Work task: Pull every line containing the word "version" out of the material below.

+++

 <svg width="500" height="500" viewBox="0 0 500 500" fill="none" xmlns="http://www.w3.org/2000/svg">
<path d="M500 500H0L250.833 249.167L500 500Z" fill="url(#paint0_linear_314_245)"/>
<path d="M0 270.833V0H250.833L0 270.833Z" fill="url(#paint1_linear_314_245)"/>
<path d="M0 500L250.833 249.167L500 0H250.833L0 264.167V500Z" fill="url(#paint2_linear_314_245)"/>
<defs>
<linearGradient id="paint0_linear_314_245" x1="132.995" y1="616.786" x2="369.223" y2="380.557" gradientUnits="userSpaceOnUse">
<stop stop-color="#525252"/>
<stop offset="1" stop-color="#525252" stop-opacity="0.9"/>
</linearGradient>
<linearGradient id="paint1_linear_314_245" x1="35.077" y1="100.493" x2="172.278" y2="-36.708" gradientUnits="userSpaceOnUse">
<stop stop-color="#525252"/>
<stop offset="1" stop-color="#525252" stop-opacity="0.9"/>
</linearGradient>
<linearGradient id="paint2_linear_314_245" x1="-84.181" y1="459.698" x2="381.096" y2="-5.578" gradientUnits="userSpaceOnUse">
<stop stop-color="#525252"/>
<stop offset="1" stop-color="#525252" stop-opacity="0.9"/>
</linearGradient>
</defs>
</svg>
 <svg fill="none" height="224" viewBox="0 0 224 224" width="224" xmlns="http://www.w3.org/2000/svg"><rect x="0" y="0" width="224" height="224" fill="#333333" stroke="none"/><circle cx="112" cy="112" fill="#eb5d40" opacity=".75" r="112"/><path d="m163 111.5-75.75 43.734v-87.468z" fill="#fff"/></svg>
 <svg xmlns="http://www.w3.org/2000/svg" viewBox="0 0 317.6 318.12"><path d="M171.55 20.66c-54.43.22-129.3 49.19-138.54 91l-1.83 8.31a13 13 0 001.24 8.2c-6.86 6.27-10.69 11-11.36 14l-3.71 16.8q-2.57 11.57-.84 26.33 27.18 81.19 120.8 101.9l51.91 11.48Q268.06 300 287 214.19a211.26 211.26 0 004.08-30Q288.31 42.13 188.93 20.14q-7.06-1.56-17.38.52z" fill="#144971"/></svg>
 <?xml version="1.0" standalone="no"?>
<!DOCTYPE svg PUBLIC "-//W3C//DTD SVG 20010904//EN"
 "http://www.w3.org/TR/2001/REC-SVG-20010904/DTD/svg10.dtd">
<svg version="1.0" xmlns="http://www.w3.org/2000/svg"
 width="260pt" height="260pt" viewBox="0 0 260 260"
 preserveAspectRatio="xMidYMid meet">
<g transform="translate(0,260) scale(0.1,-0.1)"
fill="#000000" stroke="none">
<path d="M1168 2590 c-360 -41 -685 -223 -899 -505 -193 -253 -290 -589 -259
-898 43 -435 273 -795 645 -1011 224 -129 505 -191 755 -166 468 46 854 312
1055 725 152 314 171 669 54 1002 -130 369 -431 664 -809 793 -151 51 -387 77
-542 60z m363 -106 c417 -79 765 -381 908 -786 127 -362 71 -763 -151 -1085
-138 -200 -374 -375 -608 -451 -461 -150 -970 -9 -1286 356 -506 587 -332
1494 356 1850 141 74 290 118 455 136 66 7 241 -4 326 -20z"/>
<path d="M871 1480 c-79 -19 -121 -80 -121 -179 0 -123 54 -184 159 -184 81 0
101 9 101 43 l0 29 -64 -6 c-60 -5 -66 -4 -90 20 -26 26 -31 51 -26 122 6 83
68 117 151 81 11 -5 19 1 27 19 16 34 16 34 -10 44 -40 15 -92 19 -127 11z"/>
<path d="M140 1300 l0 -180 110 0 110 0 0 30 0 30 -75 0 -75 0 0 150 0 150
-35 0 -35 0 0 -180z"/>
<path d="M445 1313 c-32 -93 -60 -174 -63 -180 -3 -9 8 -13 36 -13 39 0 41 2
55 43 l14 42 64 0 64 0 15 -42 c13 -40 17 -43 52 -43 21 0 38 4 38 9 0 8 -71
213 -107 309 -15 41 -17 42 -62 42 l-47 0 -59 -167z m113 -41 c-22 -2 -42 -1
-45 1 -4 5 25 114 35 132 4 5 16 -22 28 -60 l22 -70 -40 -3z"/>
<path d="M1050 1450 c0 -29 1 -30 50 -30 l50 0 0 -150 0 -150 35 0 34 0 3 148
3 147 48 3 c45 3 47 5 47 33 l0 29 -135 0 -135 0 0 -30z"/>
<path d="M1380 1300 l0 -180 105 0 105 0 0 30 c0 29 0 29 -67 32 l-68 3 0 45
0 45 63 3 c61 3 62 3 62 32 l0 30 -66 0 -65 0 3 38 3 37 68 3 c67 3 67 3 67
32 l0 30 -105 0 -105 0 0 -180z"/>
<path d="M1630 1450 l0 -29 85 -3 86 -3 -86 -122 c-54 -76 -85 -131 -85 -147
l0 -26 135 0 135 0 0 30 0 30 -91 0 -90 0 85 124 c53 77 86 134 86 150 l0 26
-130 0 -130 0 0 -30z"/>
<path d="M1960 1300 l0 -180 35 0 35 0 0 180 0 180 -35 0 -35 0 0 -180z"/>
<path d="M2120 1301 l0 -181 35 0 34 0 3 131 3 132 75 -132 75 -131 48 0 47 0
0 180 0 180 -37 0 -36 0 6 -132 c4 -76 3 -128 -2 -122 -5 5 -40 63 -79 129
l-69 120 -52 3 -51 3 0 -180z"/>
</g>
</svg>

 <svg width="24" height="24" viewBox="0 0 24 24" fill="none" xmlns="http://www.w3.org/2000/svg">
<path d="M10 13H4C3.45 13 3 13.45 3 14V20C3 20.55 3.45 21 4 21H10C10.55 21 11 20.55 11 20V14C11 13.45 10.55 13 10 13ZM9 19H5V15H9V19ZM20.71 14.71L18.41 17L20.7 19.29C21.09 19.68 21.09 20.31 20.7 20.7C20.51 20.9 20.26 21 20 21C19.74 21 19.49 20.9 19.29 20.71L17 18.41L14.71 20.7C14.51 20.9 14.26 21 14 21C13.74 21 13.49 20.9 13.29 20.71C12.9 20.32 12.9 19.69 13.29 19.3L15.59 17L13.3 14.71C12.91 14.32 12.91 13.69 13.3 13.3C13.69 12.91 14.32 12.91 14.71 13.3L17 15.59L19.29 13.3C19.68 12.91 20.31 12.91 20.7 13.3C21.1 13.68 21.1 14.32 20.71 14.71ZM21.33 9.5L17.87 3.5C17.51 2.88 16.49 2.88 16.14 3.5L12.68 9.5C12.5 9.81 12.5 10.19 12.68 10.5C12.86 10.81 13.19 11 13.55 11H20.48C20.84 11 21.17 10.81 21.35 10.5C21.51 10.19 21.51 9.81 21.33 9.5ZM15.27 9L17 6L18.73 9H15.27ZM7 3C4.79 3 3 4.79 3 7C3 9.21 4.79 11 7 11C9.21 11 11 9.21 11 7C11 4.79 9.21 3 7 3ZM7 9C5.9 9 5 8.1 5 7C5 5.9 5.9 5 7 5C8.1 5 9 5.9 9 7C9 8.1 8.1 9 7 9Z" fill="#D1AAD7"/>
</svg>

+++

Solution to the exercise:
 <?xml version="1.0" standalone="no"?>
<svg version="1.0" xmlns="http://www.w3.org/2000/svg"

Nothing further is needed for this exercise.